Your instructions: The first line of the entries is where the copy starts and the line with "The image shows 37" is where it ends; set down each line exactly, both ends included, and drop pictures.

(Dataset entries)
┄┄┄┄┄┄┄┄┄┄┄┄┄┄┄┄┄┄┄┄

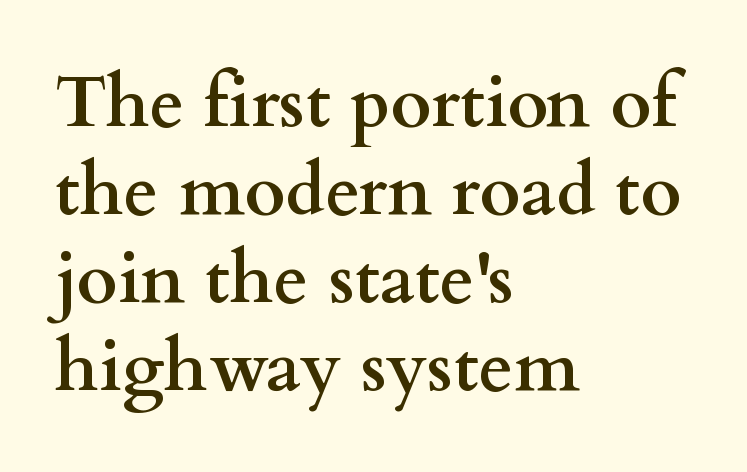
{"serif": "yes", "italic": "no", "bold": "yes", "weight": "semibold", "width": "wide", "stroke_contrast": "medium", "x_height": "small", "monospaced": "no", "underline": "no", "align": "left", "line_spacing_ratio": 1.24, "letter_spacing": "normal", "letter_spacing_em": 0.0, "glyph_px": 71}
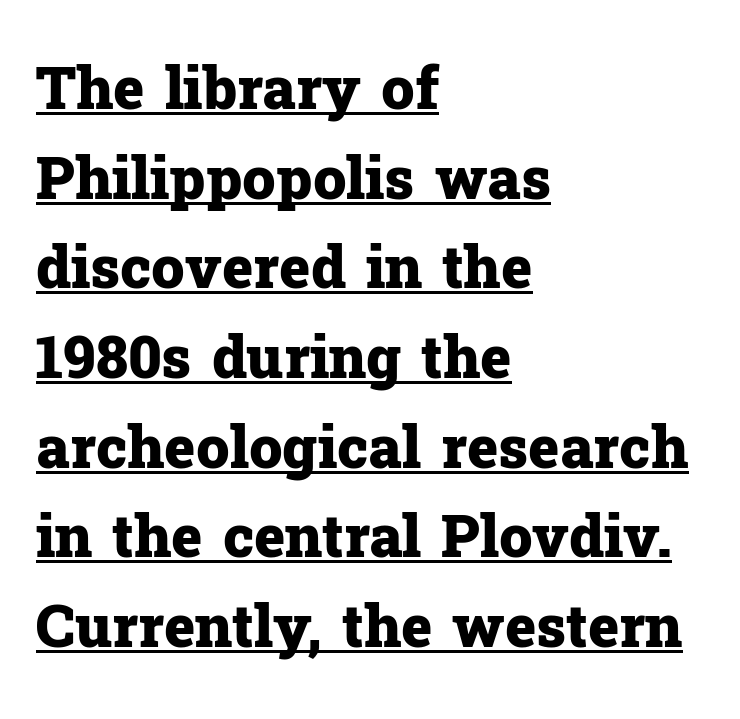
Is there an underline? Yes — a line sits under the letters. This is roman type, the default non-slanted kind. Students, note that the glyphs here touch the page at normal intervals. One-word summary of the alignment: left. Character widths vary here, with narrow letters taking less room than wide ones. The line-height multiplier appears to be the usual default.
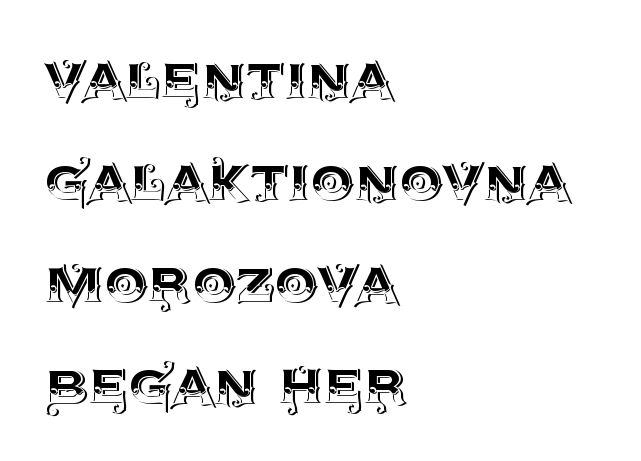
Q: Is the text italic (slanted)? A: No, it is upright.
Q: Is the text underlined? A: No.
Q: How is the paragraph aligned? A: Left-aligned.
Q: Is the spacing between letters normal or unusually wide? A: Normal.
Q: Is the spacing between lines tight, normal or loose? A: Normal.
Q: Width (condensed, normal, or wide)? A: Normal.
Q: x-height? A: Large.
Q: Monospaced? A: No.
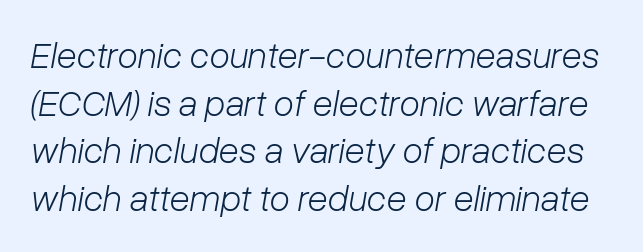
The image shows 37 px light type, italic (leaning right); set normal line spacing (1.29x), normal letter spacing, not underlined; low stroke contrast and a medium x-height.
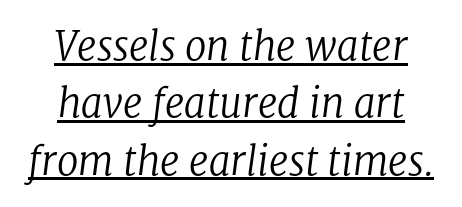
This sample has the flowing, uneven cadence of proportional lettering. Short and long lines alike share a common midpoint. Quick note: italic. You can see a thin bar hugging the bottom of the glyphs. This rendering leaves character spacing at its baseline value. The lines sit at an ordinary, default distance from one another.
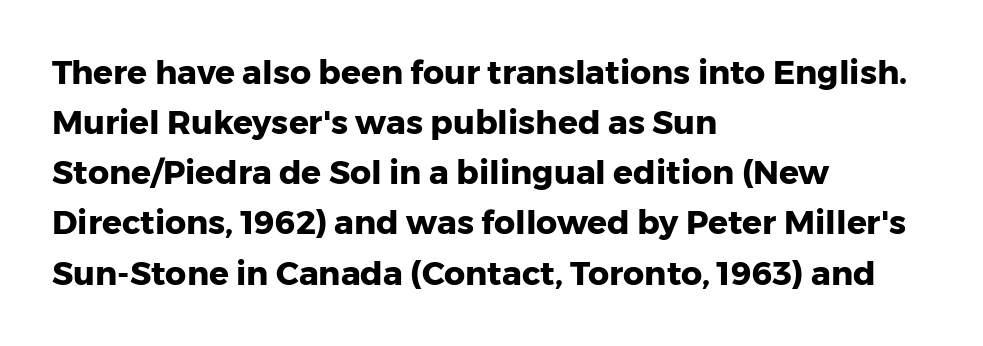
The image shows 33 px heavy sans-serif type, upright; set left-aligned, normal line spacing (1.52x), normal letter spacing, not underlined; low stroke contrast and a medium x-height.
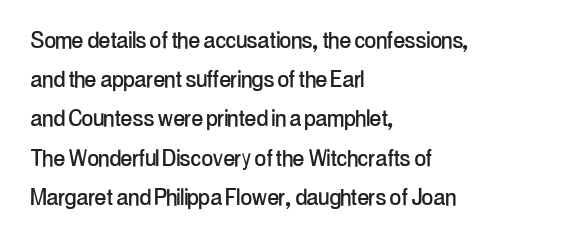
Unlike italic type, these characters show no tilt at all. These lines are rendered in a variable-pitch font. Does the leading feel generous? No, just average. Is the block centered? No — it sits flush against the left margin. Nobody drew a line under any word here.
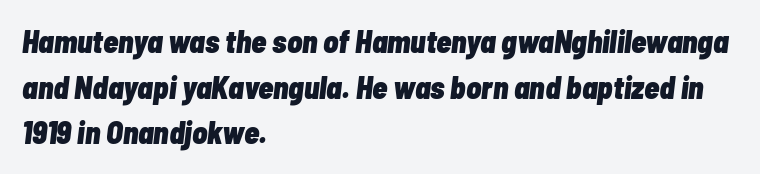
Q: Is the text bold? A: Yes.
Q: Is the text italic (slanted)? A: Yes, it leans right by about 7 degrees.
Q: Is the text underlined? A: No.
Q: How is the paragraph aligned? A: Left-aligned.
Q: Is the spacing between letters normal or unusually wide? A: Normal.
Q: Is the spacing between lines tight, normal or loose? A: Normal.
Q: Width (condensed, normal, or wide)? A: Condensed.
Q: Stroke contrast? A: Low.
Q: x-height? A: Medium.
Q: Monospaced? A: No.
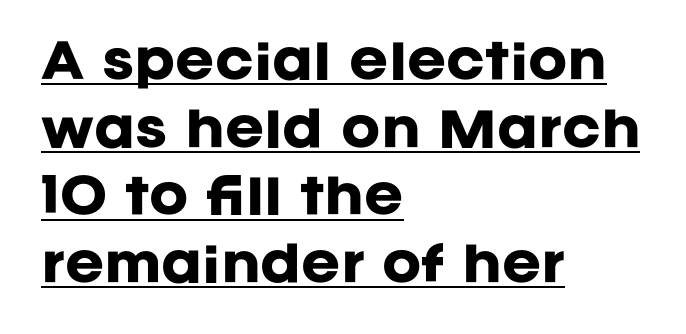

┄┄┄┄┄┄┄┄┄┄┄┄┄┄┄┄┄┄┄┄

Answer to the exercise:
{"serif": "yes", "italic": "no", "bold": "yes", "weight": "semibold", "width": "wide", "stroke_contrast": "medium", "x_height": "small", "monospaced": "no", "underline": "no", "align": "left", "line_spacing_ratio": 1.24, "letter_spacing": "normal", "letter_spacing_em": 0.0, "glyph_px": 71}
Is there an underline? Yes — a line sits under the letters. This is roman type, the default non-slanted kind. Students, note that the glyphs here touch the page at normal intervals. One-word summary of the alignment: left. Character widths vary here, with narrow letters taking less room than wide ones. The line-height multiplier appears to be the usual default.
Q: Is the text italic (slanted)? A: No, it is upright.
Q: Is the text underlined? A: No.
Q: How is the paragraph aligned? A: Left-aligned.
Q: Is the spacing between letters normal or unusually wide? A: Normal.
Q: Is the spacing between lines tight, normal or loose? A: Normal.
Q: Width (condensed, normal, or wide)? A: Normal.
Q: x-height? A: Large.
Q: Monospaced? A: No.
The image shows 37 px light type, italic (leaning right); set normal line spacing (1.29x), normal letter spacing, not underlined; low stroke contrast and a medium x-height.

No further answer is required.